The Human Genome Project’s working draft sequence, which was completed to much fanfare in June 2000, took about a dozen years and more than $300 million to complete. The result was a composite map of the DNA from several people-a sort of averaged genetic picture of a human. But a growing number of companies are working on advanced technologies that could make it possible to have your own individual genome sequenced in a day, perhaps for as little as a few thousand dollars.
No one’s genetic makeup matches “the human genome” exactly; the differences are what give one person brown eyes and another blue or make some people more susceptible to heart disease. The new technologies could give anyone access to the unique, letter-by-letter sequence of his or her entire genome and help doctors detect the variations that signal health problems down the road.
Today’s sequencing methods are costly and slow in part because for each DNA letter read-of the roughly three billion in a human genome-researchers need to synthesize a separate copy of the DNA strand. Making the copies requires several chemical reactions; then you have to separate and identify the newly made strands. In contrast, two new techniques being developed could read the sequence directly from one DNA molecule. The first method, called “nanopore sequencing,” involves pushing a strand of DNA through a tiny hole surrounded by sensors that detect the electrical changes caused by each DNA letter. The second takes advantage of an enzyme called DNA polymerase, which copies DNA inside our cells. Researchers use specialized optics to detect each letter added as the enzyme copies the original DNA strand.

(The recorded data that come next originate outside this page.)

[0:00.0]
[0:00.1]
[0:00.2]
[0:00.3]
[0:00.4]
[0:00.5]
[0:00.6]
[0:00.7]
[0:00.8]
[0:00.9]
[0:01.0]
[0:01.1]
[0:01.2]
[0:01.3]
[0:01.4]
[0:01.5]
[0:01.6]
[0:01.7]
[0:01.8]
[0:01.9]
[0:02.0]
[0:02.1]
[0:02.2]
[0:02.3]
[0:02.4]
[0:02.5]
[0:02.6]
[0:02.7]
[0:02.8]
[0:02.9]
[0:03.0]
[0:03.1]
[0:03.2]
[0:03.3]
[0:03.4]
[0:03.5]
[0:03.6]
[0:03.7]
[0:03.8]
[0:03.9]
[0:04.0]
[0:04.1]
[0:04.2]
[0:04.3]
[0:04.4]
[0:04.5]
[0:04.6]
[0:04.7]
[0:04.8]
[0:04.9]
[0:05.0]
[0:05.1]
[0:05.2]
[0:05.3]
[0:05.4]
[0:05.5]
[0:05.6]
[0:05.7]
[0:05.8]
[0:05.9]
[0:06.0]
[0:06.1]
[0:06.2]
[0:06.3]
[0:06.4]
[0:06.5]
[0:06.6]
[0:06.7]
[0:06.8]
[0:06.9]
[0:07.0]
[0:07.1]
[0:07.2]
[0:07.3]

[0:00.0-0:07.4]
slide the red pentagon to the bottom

In May, Palo Alto, CA-based Agilent Technologies signed an agreement with Harvard researchers Daniel Branton and Jene Golovchenko to further develop nanopore sequencing, which Branton coinvented (see “Hole in the Wall Offers Cheaper Sequencing,” TR May/June 1998). Also this year, Woburn, MA-based U.S. Genomics received its first patents on technologies that combine the two direct techniques. Thanks to these and several other efforts (see table), the dream of sequencing a human genome in just a day could be a reality in two to five years, says George Weinstock, codirector of the Baylor College of Medicine Human Genome Sequencing Center in Houston. “They’re all very clever techniques,” he says. “We’re getting very close to having them in hand.”

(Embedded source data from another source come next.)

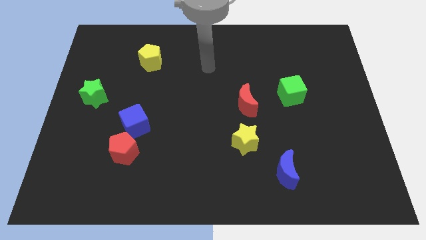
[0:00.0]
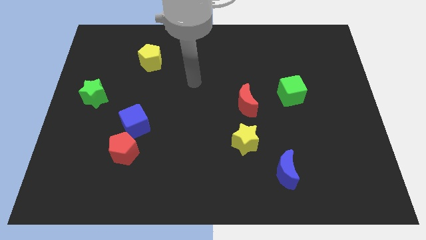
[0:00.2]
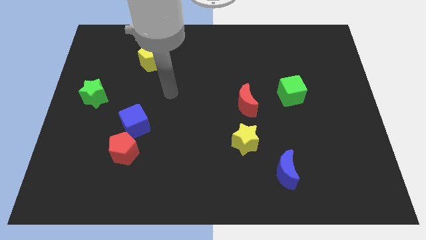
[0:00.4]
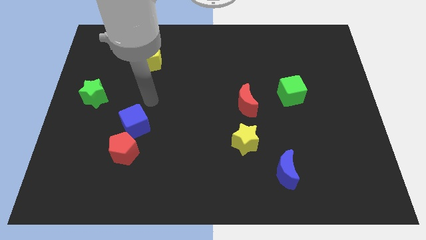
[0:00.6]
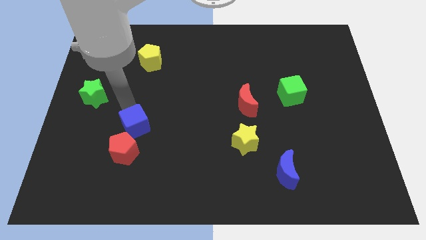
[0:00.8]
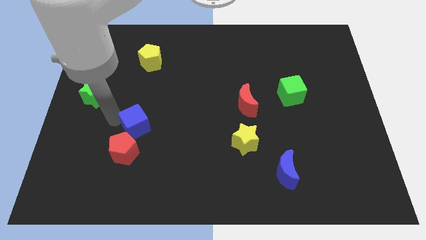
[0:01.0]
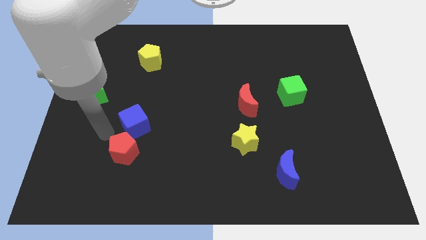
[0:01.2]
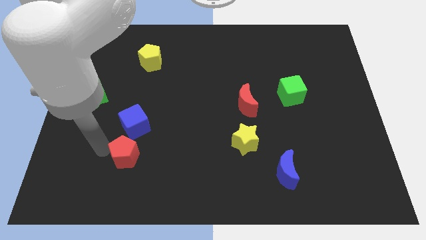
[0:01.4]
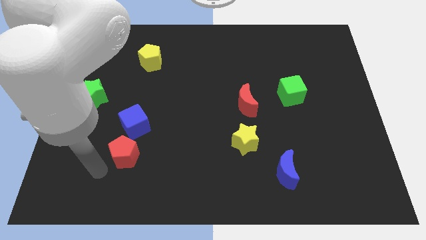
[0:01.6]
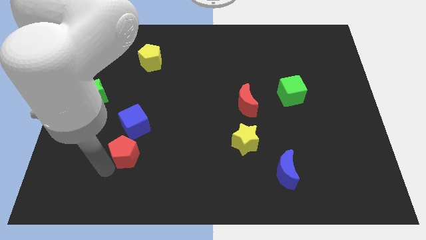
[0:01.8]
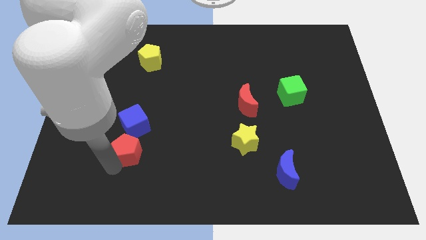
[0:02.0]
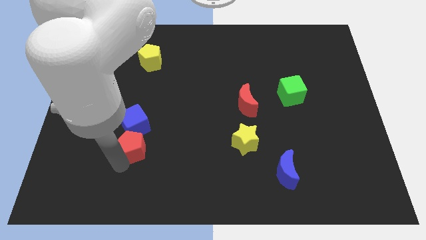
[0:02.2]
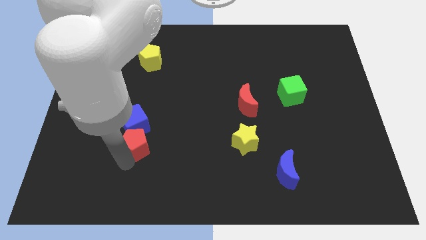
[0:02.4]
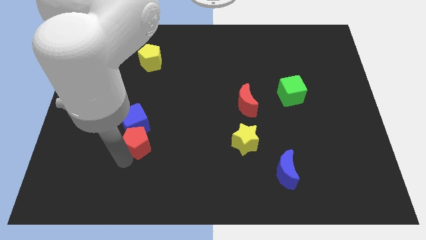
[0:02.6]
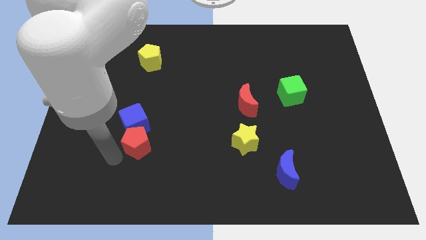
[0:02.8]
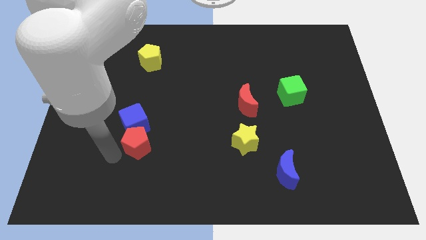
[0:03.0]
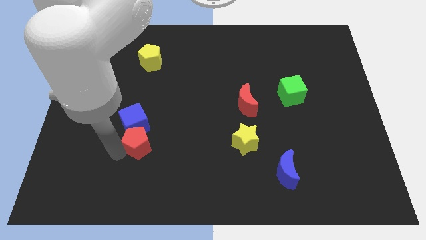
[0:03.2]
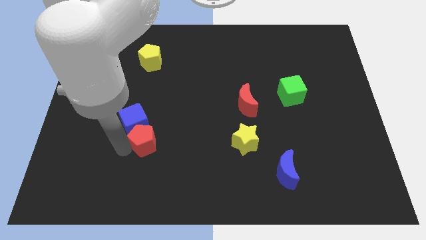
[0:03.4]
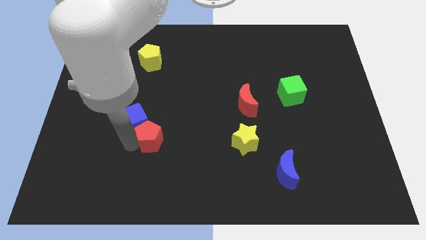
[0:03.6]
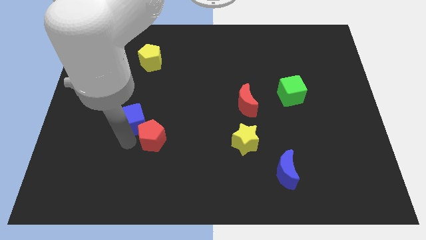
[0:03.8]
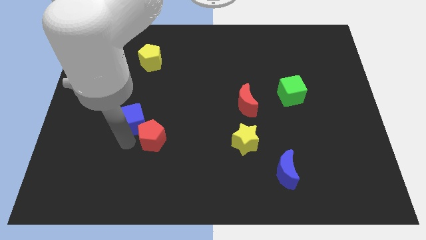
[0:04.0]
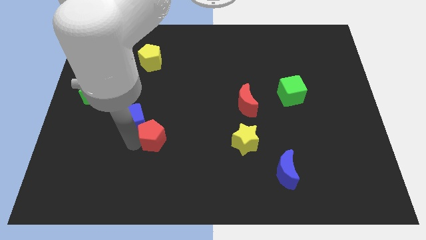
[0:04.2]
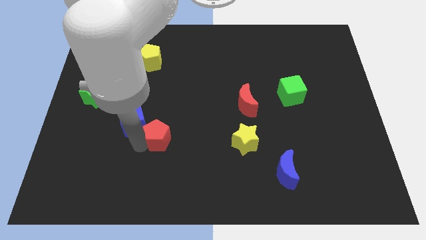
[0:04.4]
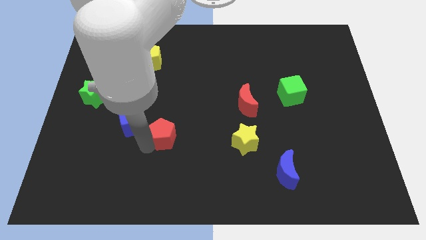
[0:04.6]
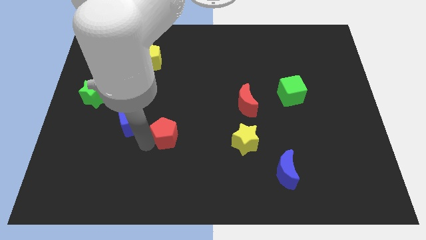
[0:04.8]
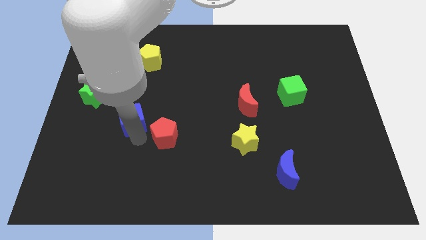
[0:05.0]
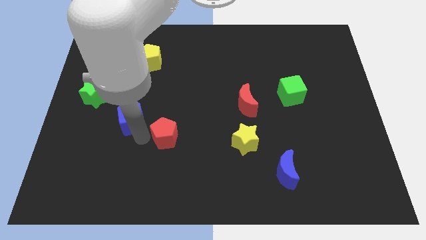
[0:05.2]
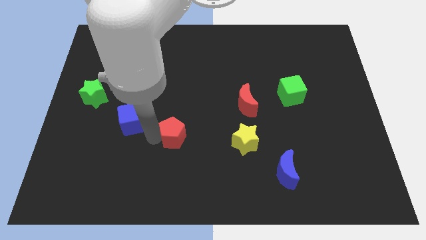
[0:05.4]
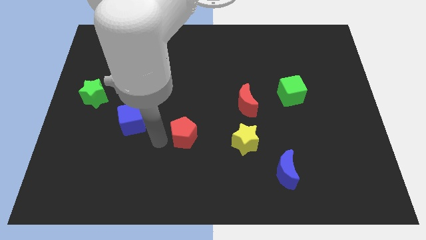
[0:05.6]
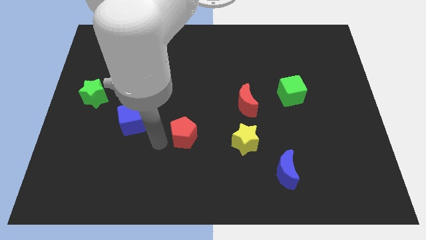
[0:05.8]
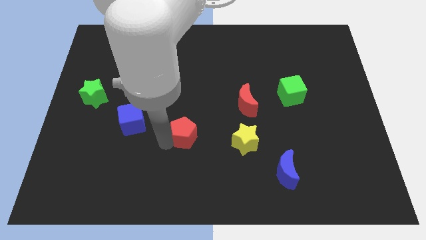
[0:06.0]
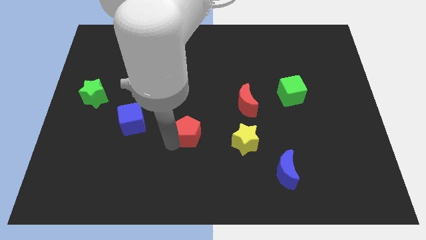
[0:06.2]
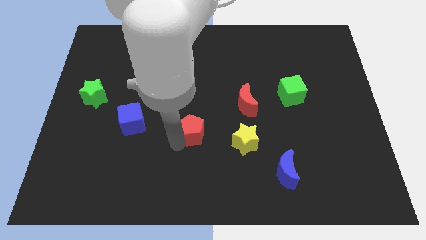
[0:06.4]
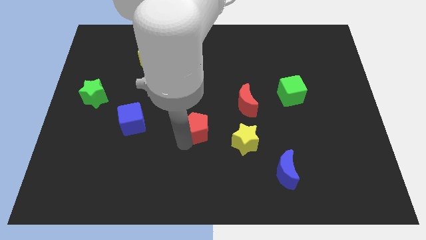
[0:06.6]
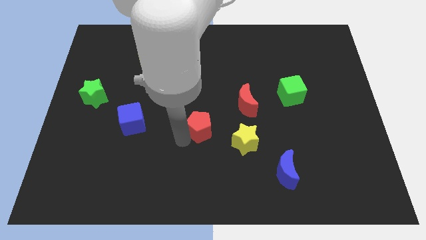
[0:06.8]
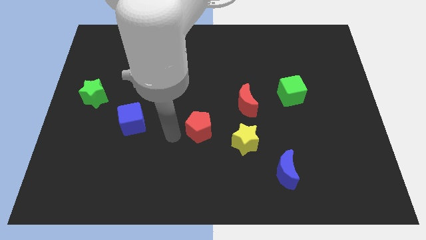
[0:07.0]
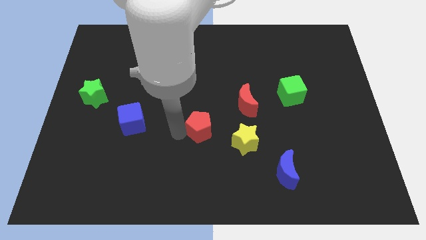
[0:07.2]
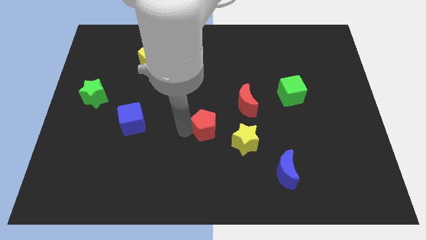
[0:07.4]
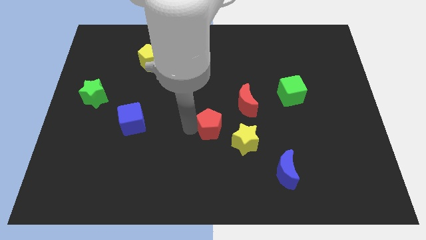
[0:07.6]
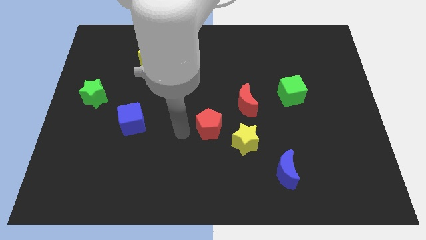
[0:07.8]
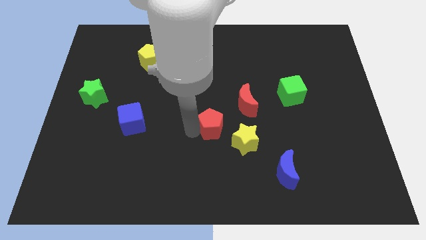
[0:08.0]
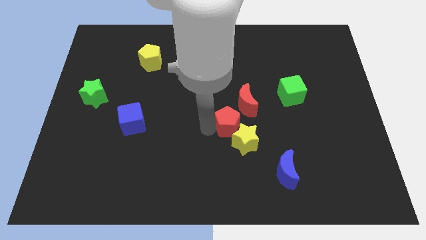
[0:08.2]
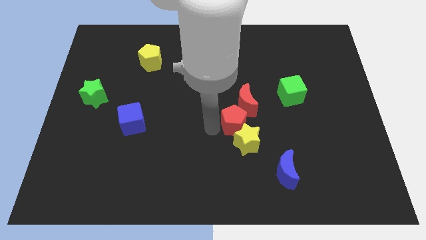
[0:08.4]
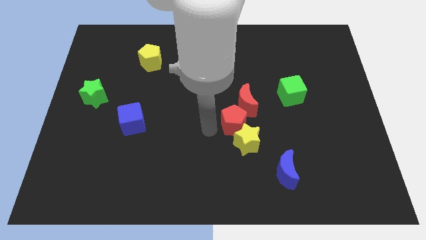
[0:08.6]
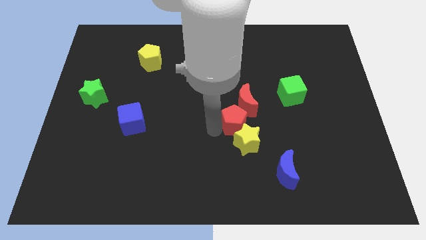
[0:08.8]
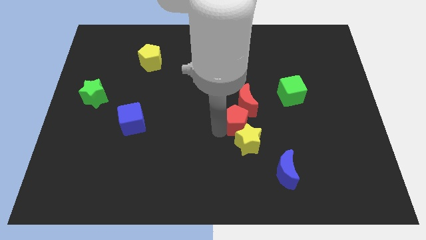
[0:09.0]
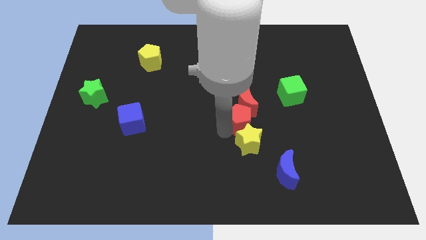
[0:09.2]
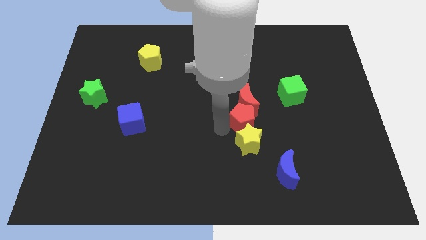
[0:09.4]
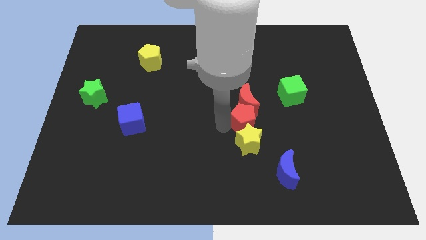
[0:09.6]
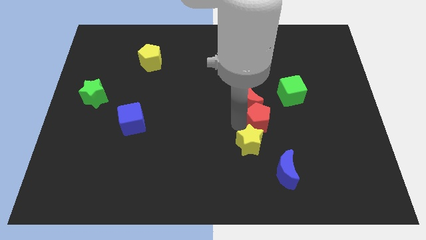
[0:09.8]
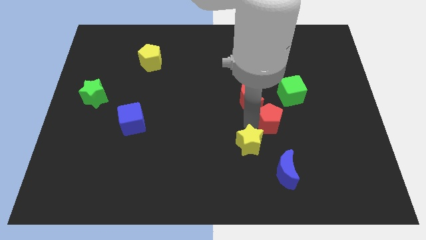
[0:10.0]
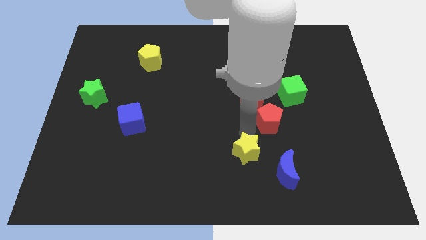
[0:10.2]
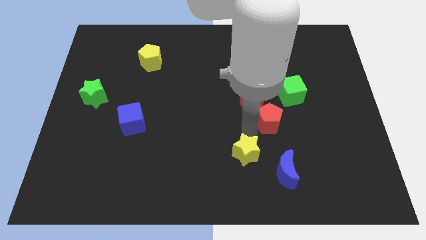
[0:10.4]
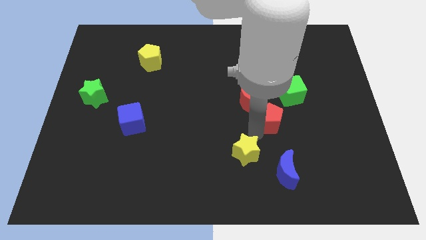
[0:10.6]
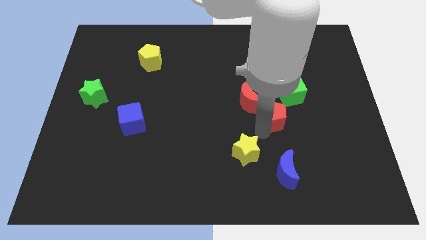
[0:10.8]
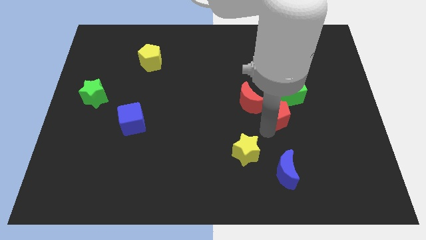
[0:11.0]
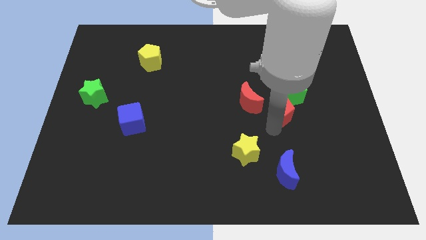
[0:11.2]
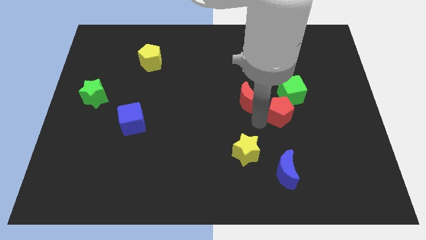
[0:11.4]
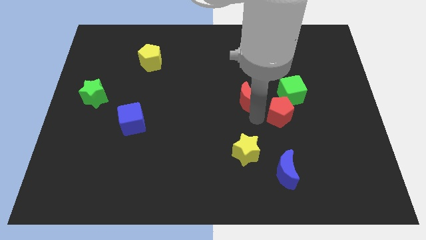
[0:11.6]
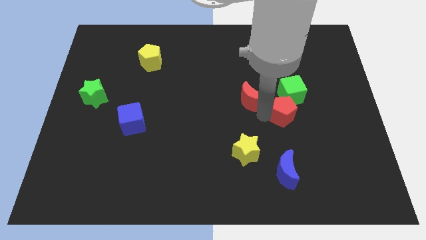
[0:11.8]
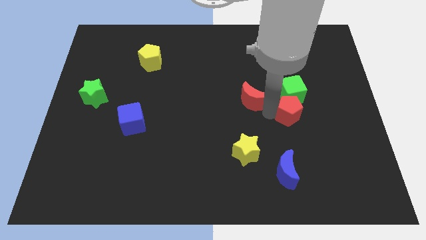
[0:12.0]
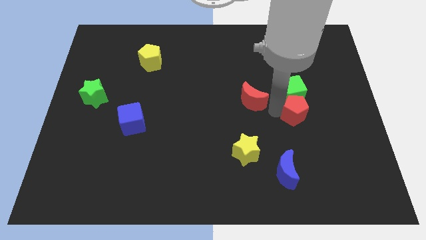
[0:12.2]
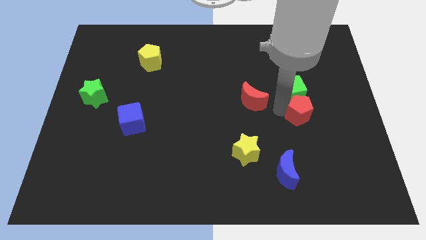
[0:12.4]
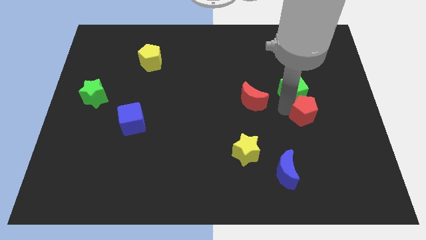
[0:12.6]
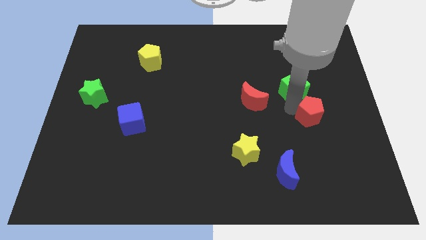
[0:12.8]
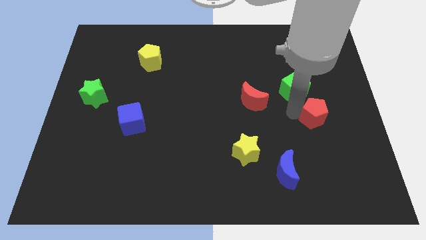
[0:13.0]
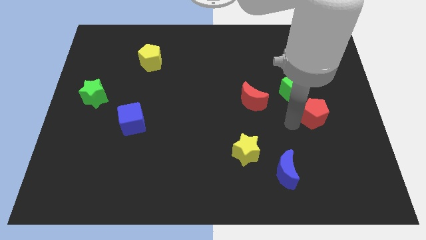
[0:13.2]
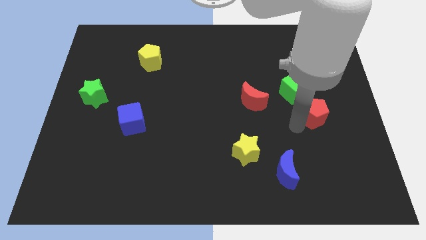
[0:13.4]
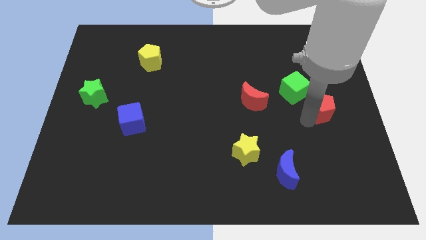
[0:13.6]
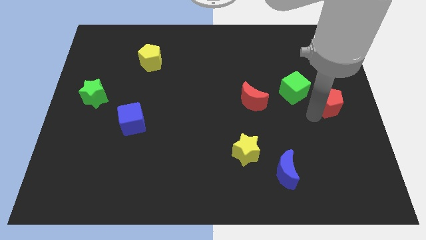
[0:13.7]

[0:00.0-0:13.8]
put the red pentagon to the right side of the board

Though the new sequencing tools will initially be used for biomedical research, they could eventually find their way into doctors’ offices, not only providing for quick gene-based diagnosis of a host of diseases, but also helping doctors choose medicines tailored to individual patients. The expected price tag to sequence your genome-perhaps $5,000 to $30,000-might seem steep, but “it’s kind of a life investment,” says Harvard Medical School biophysicist George Church. “I would pay $10,000 to get my genome sequencedrather than buying a second car.”